Sources: National Labor Relations Board; CP staff
The newly constituted NLRB has adopted an administrative law judge’s decision dismissing a Teamsters Local 42 complaint that alleged Aggregate Industries Northeast Region failed to negotiate in good faith during collective bargaining sessions for a May 2008–April 2011 contract successor. It marked one of the first pending-case actions for the agency, which as of mid-August has four new Members and a Chairman beginning a five-year term—all following Senate confirmation last month.

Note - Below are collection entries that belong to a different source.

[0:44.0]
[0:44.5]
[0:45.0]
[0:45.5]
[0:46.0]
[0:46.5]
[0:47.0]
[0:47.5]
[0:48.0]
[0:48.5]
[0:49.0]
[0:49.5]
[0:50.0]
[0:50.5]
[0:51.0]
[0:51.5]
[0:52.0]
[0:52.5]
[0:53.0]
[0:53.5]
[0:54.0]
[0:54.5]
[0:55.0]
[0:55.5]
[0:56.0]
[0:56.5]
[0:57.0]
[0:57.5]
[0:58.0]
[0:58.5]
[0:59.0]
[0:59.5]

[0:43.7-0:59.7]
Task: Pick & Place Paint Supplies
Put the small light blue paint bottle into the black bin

Board Members officially dismissed a complaint by a union representing mixer and haul truck drivers at Aggregate Industries NE ready mixed and quarry sites in Saugus and Swampscott, Mass., respectively. The producer has collective bargaining agreements with Teamsters Locals 25 and 170 covering additional Boston area operations. In his June 2013 decision, NLRB ALJ Steven Davis noted that in May–August 2011 bargaining sessions with Local 42—on the heels of contract renewals with Local 25 and 170 members—Aggregate Industries NE sought changes in provisions for unit drivers’ territorial jurisdiction; seniority and job bidding; work guarantees; plus health and welfare, pension and vacation benefits. Negotiations proceeded with the producer offering an economic package equivalent to $36.25/hour—$7 below the prior contract—and the union seeking a $44/hour package.

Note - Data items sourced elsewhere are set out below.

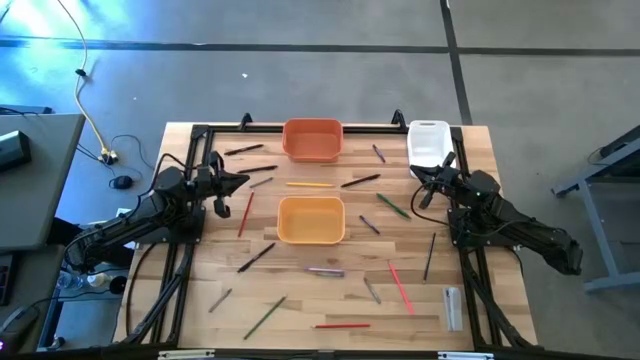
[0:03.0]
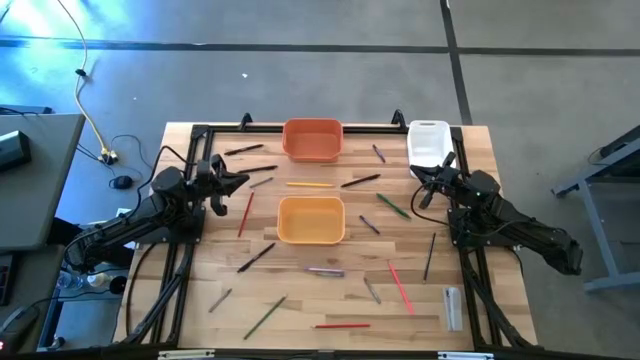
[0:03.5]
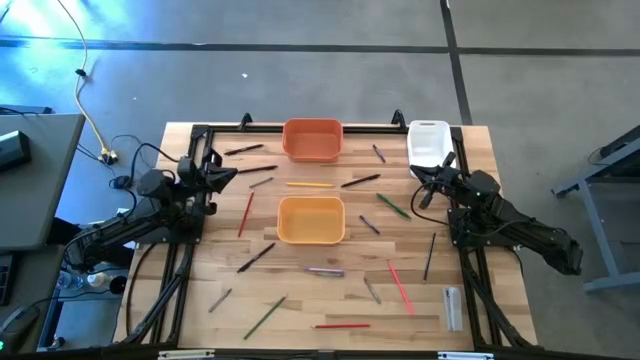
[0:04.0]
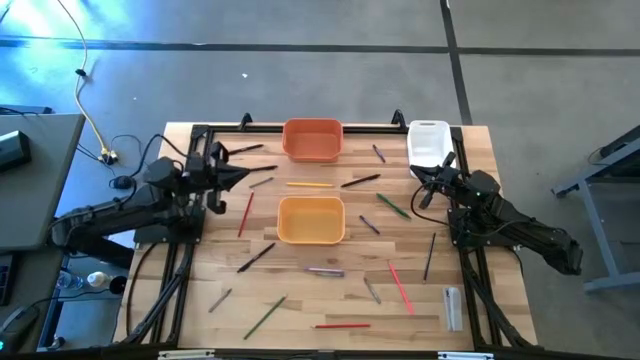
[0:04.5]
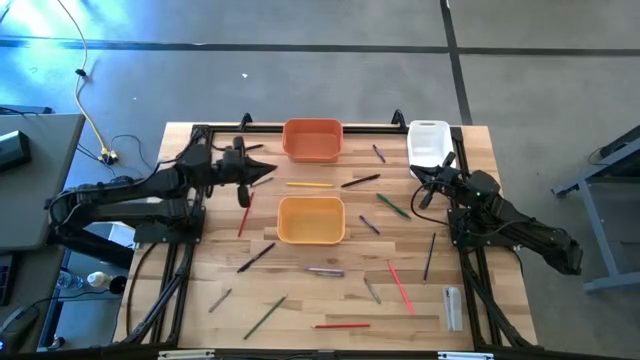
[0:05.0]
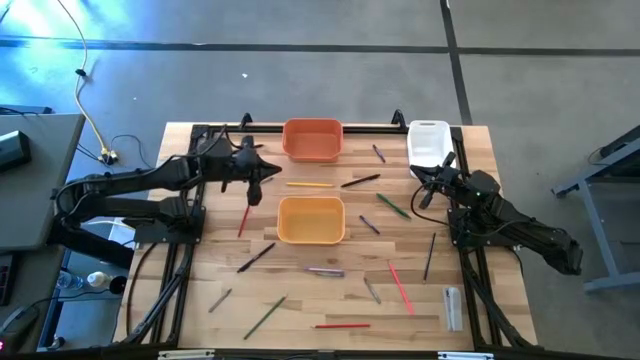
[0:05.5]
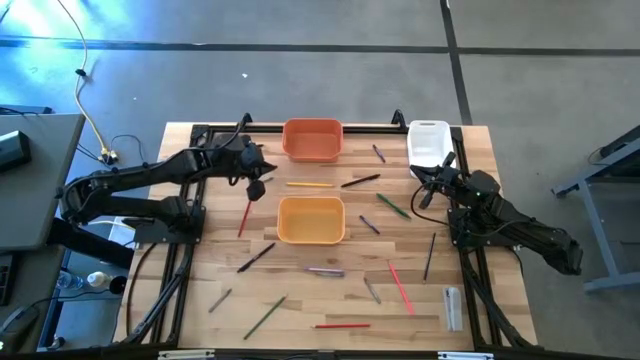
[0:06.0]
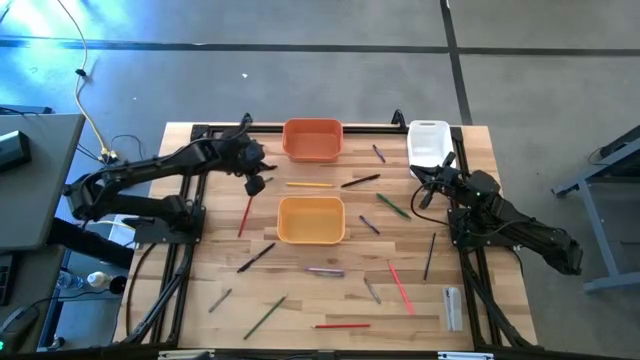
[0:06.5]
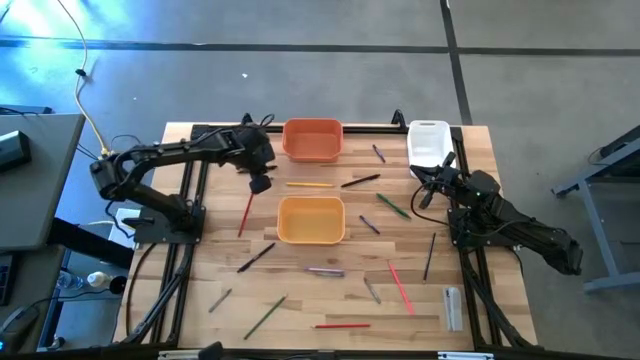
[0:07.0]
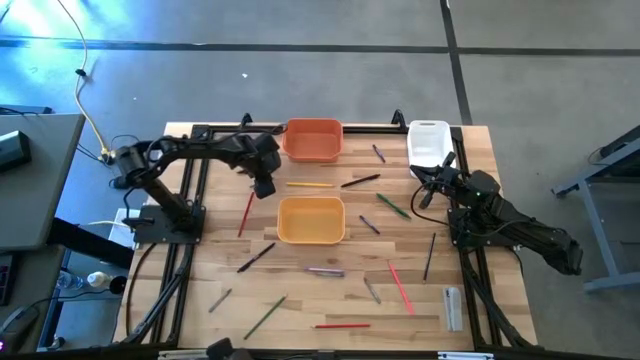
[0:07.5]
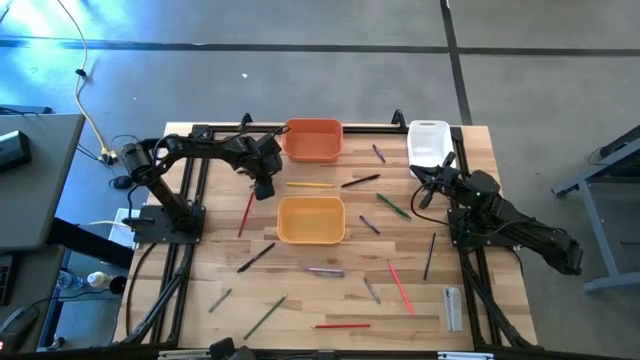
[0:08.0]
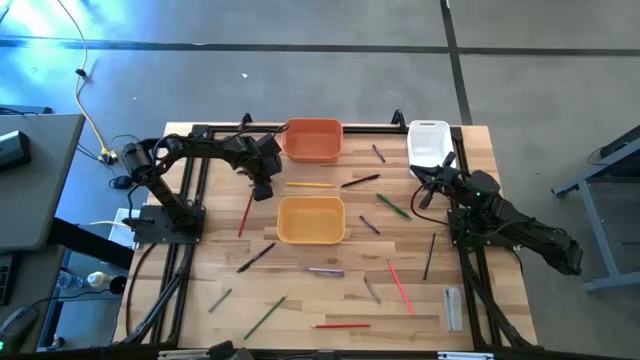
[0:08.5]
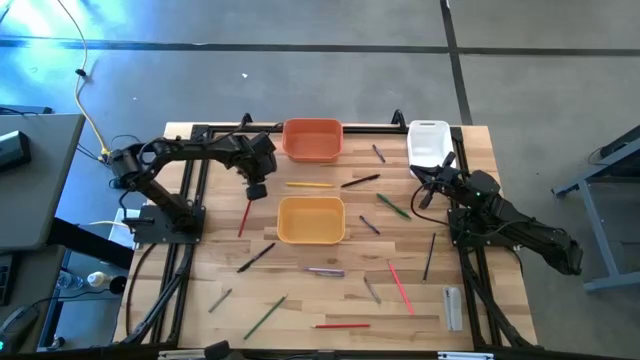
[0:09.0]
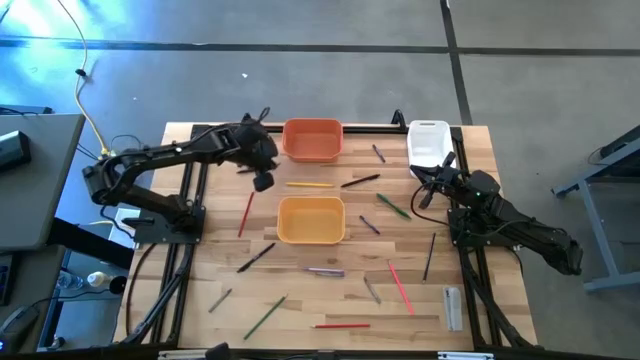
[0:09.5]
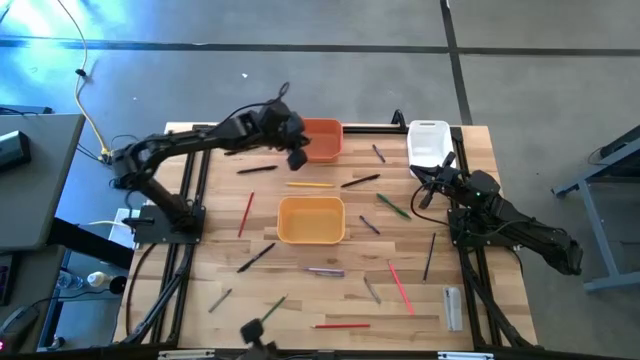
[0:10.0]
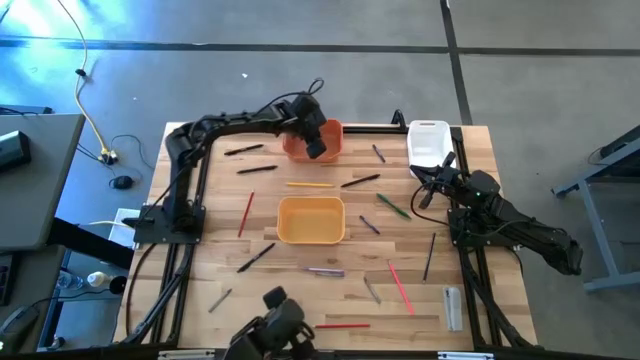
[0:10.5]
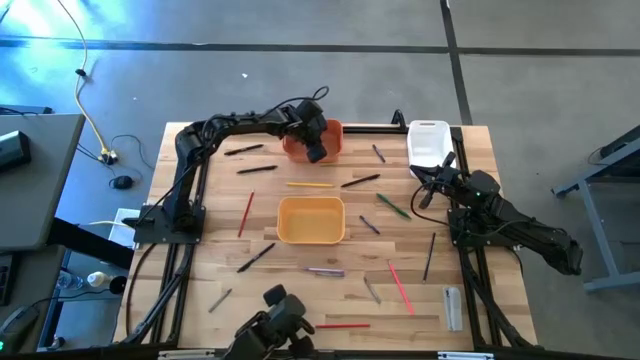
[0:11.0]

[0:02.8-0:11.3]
Task: Sort crayons/erasers/pens/pencils in bins
Put the top left light gray crayon into the orange bin

After failing to reach an agreement, the producer implemented final contract offer terms for Saugus and Swampscott drivers in early August 2011, with changes in wage rates, work and seniority rules, and work guarantees to unit members within a certain geographic boundary. They triggered Local 42’s complaint alleging that Aggregate Industries NE had not bargained to a good-faith impasse.

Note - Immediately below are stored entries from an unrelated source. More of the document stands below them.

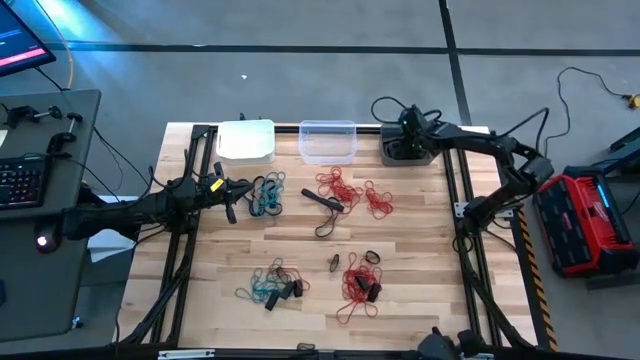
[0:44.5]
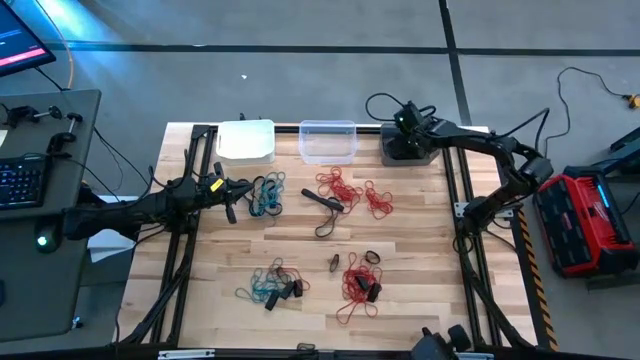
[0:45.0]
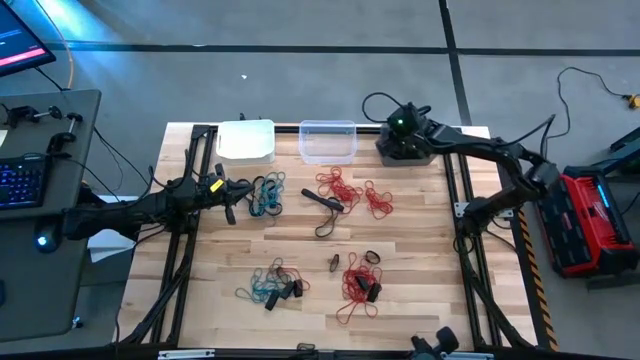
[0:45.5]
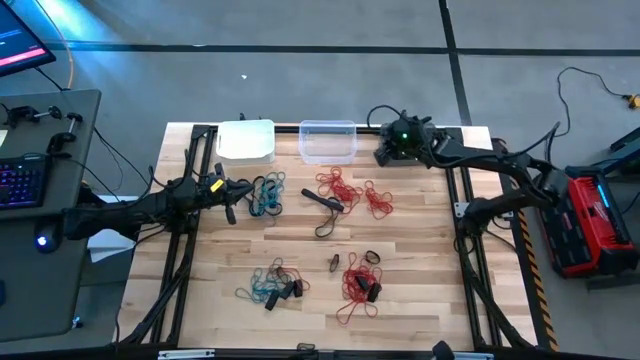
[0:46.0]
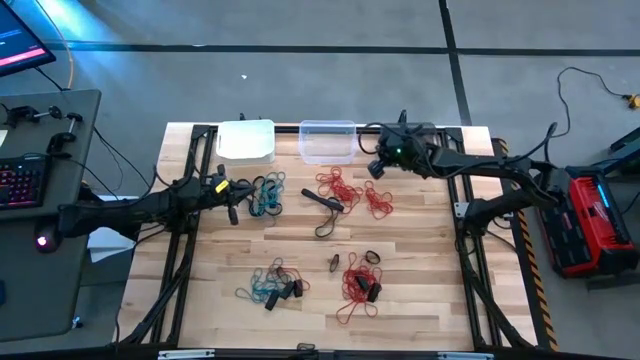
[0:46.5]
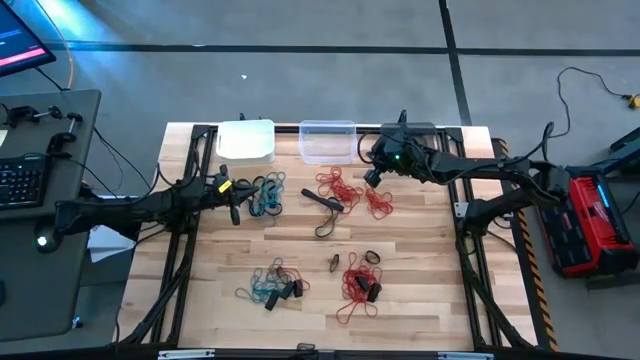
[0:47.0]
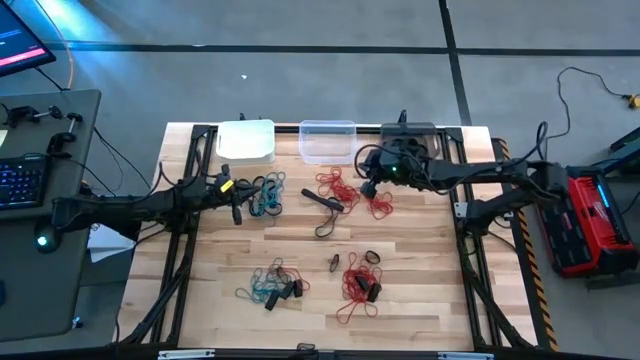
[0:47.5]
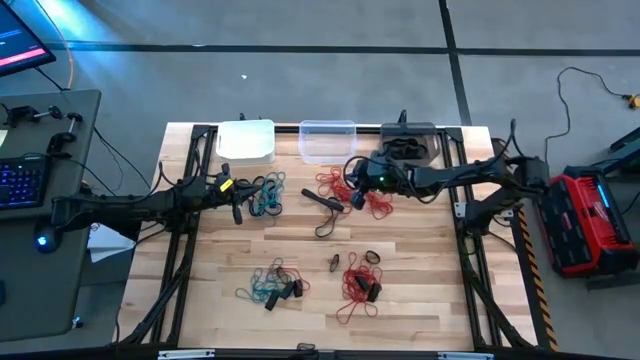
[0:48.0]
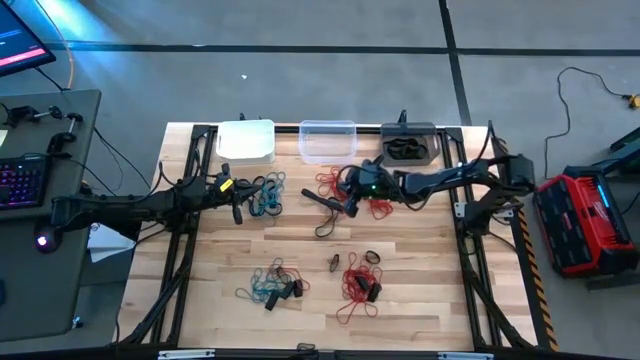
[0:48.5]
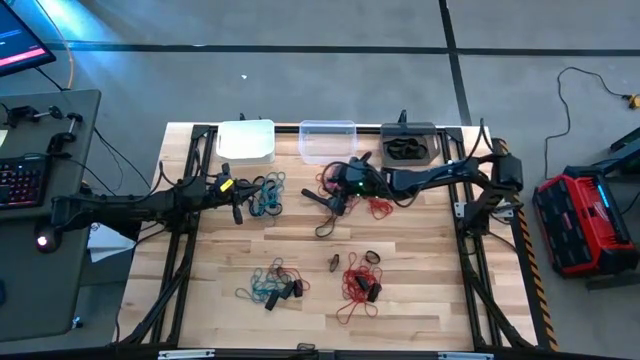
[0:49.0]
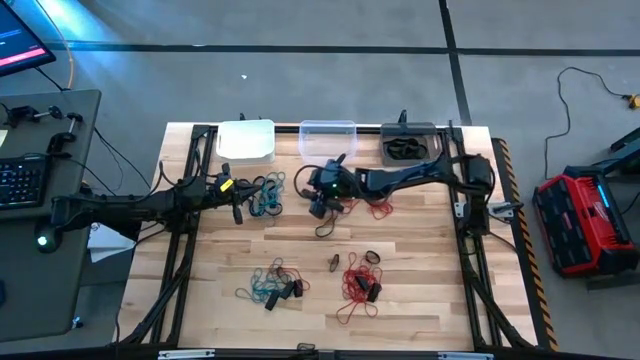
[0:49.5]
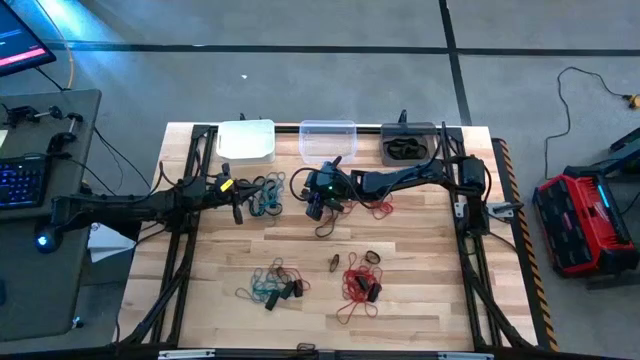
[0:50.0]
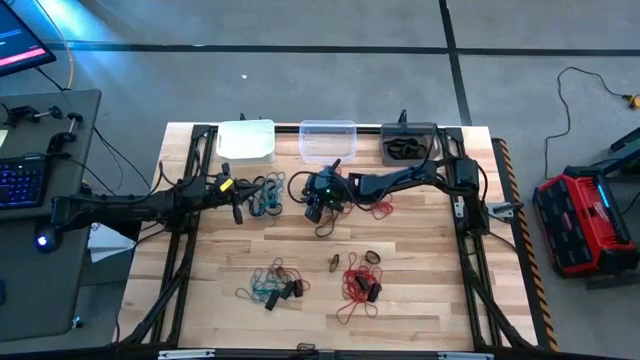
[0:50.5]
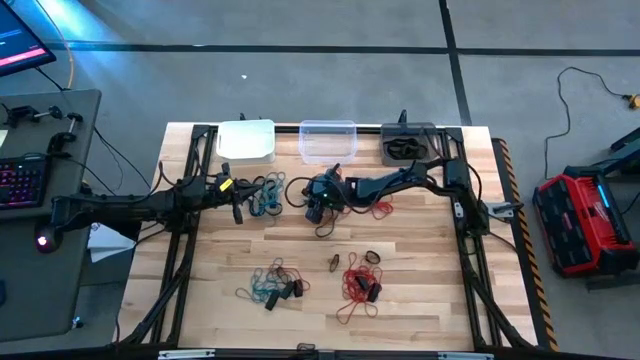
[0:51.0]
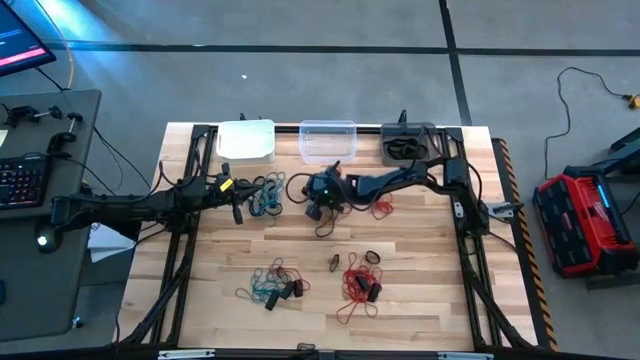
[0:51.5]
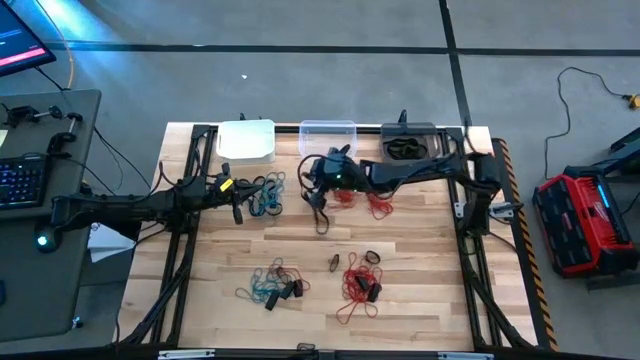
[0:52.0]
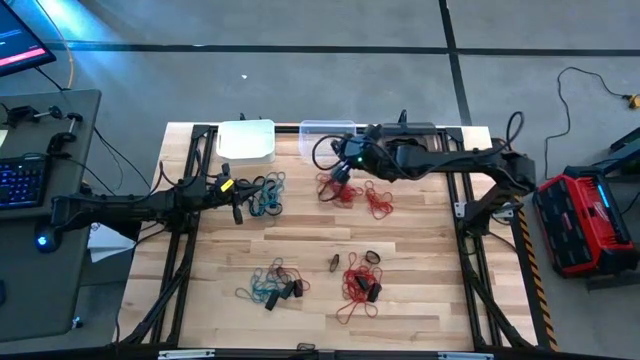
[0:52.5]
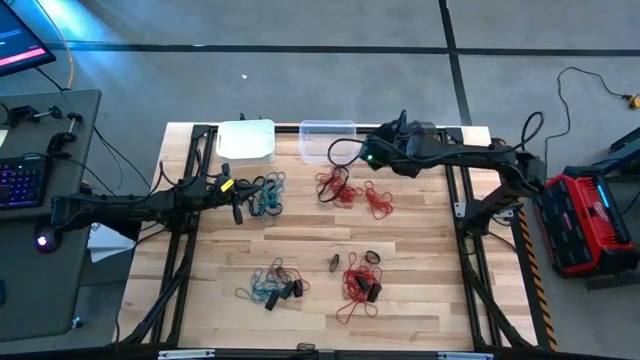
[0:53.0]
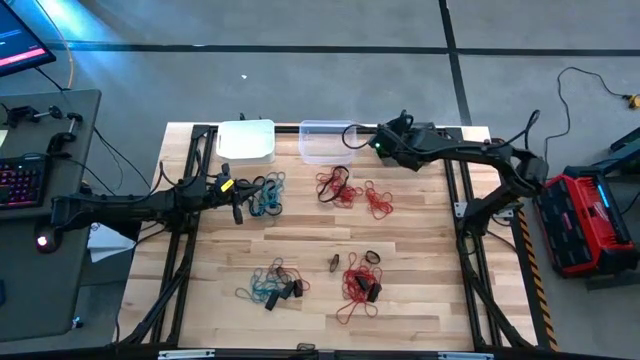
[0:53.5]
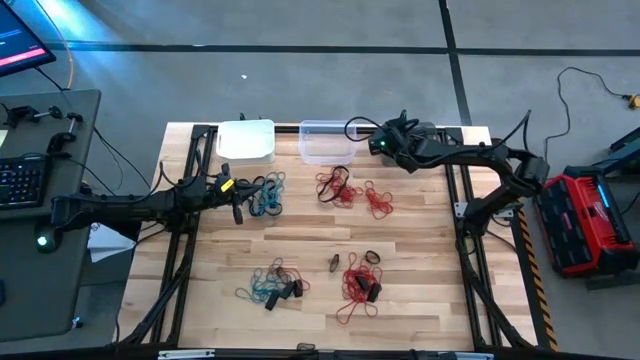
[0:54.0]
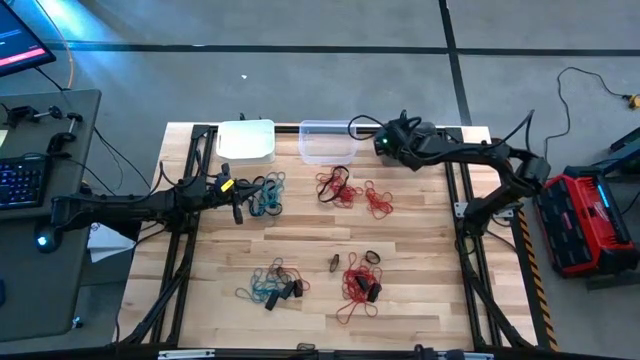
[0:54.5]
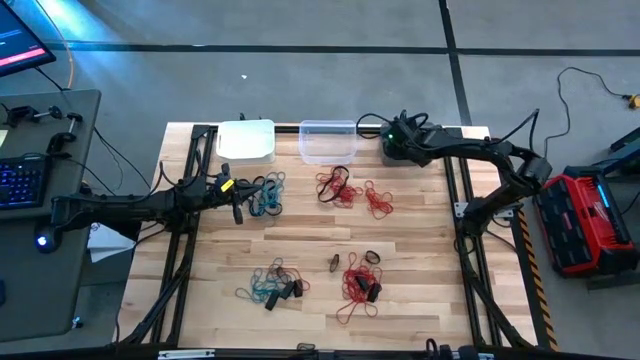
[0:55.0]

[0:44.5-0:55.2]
Task: Sort rubber bands into baskets
Put the black rubber band into the black bin

In testimony to ALJ Davis, an Aggregate Industries NE human resources manager indicated that changes sought in the post-April 2011 contract reflected dramatic declines in concrete business following the 2005 completion of Boston’s Big Dig project. Decreasing sales saw the price of concrete drop, competition increase and “loss of millions of dollars in earnings per year.” The producer attributed losses to onerous contracts with various unions, Local 42’s agreement having “the most expensive cost structure.” The HR manager also noted that through 2007, Aggregate Industries NE was bidding work at a loss. It changed course in 2008-2010, pursuing jobs where it could profit—typically ones that could be performed without Local 42 members. The Saugus and Swampscott plants were closed from early 2009 through 2011, although drivers worked sporadically at other facilities.